However, the combination of Ranzato and Gaidon teaches does not explicitly teach sampling a candidate auxiliary output from the plurality of candidate auxiliary outputs in accordance with a score distribution over the plurality of candidate auxiliary outputs
Kohli teaches sampling a candidate auxiliary output from the plurality of candidate auxiliary outputs in accordance with a score distribution over the plurality of candidate auxiliary outputs (Kohli, Para [0058], discloses “This is the training stage and so particular image elements which reach a given leaf node have specified output values and global variables known from the ground truth training data. A representation of the accumulated candidate output values may be stored 930 using various different methods. The candidate output values may be stored according to global variable bin ranges as described above with reference to FIGS. 3 and 4. Optionally sampling may be used to select candidate output values to be accumulated and stored in order to maintain a low memory footprint.” Here, Kohli discloses sampling from a plurality of candidate output values.  The term “sampling” implies the use of a distribution.  This is evidenced by Kohli [0047]: “In operation, each root and split node of each tree performs a binary test on the input data and based on the result directs the data to the left or right child node. The leaf nodes do not perform any action; they store accumulated candidate output values (and global variable predictions in the embodiments described above with reference to FIGS. 6 and 8). In the case of joint position detection the candidate output values are joint offset vectors representing a distance and direction of an image element from a joint position. For example, probability distributions may be stored representing the accumulated candidate output values”. Additionally, Gaidon as shown above discloses a score distribution over the plurality of candidate auxiliary outputs.)

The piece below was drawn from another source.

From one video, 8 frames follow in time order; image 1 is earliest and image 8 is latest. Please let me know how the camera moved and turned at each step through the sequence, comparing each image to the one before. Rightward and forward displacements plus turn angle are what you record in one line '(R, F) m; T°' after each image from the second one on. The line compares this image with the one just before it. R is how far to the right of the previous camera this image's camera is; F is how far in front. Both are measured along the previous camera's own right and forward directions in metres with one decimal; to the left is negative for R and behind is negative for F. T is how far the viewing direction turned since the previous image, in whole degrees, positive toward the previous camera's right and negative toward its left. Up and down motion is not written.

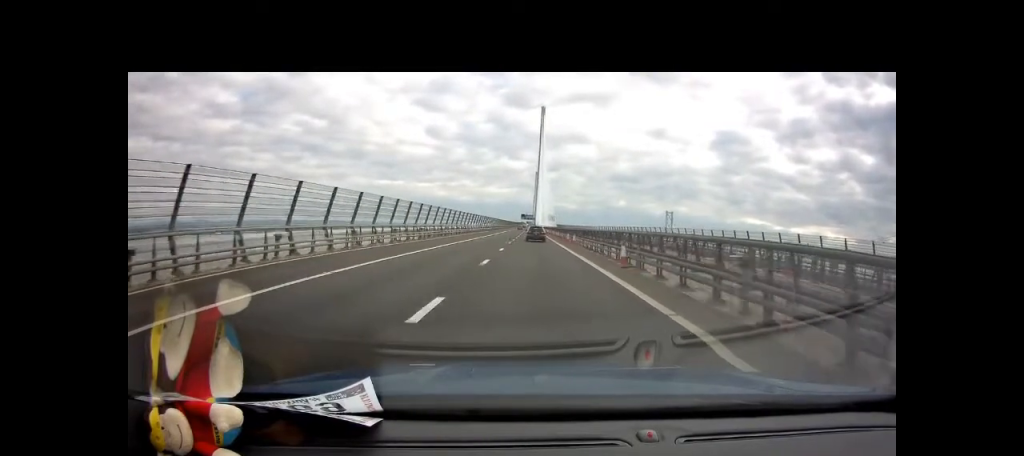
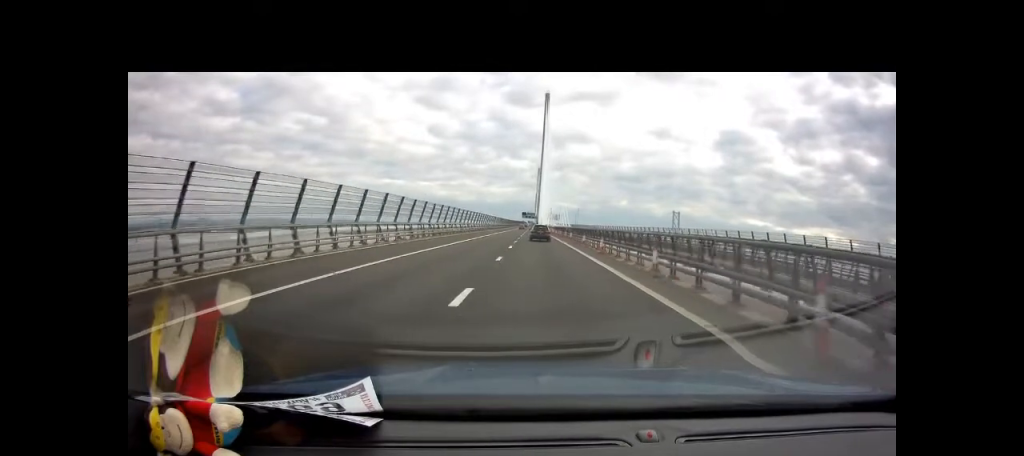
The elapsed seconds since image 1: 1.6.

As per Claim 16, Claim 16 is a system claim corresponding to method Claim 1.  The difference is that Claim 16 recites one or more computers and one or more storage devices.  (Gaidon, Para [0010], discloses one or more computers: “The system comprises a computer programed to perform a method” and in [0011] one or more storage devices:  “Another embodiment of the present disclosure is directed to a non-transitory storage medium storing instructions readable and executable by a computer”).  Claim 16 is rejected for the same reasons as Claim 1.

As per Claim 17, Claim 17 is a non-transitory computer storage medium claim corresponding to method Claim 1.  The difference is that Claim 17 recites one or more computers and a non-transitory computer storage medium.  (Gaidon, Para [0010], discloses one or more computers: “The system comprises a computer programed to perform a method” and in [0011] a non-transitory computer storage medium:  “Another embodiment of the present disclosure is directed to a non-transitory storage medium storing instructions readable and executable by a computer”).  Claim 17 is rejected for the same reasons as Claim 1.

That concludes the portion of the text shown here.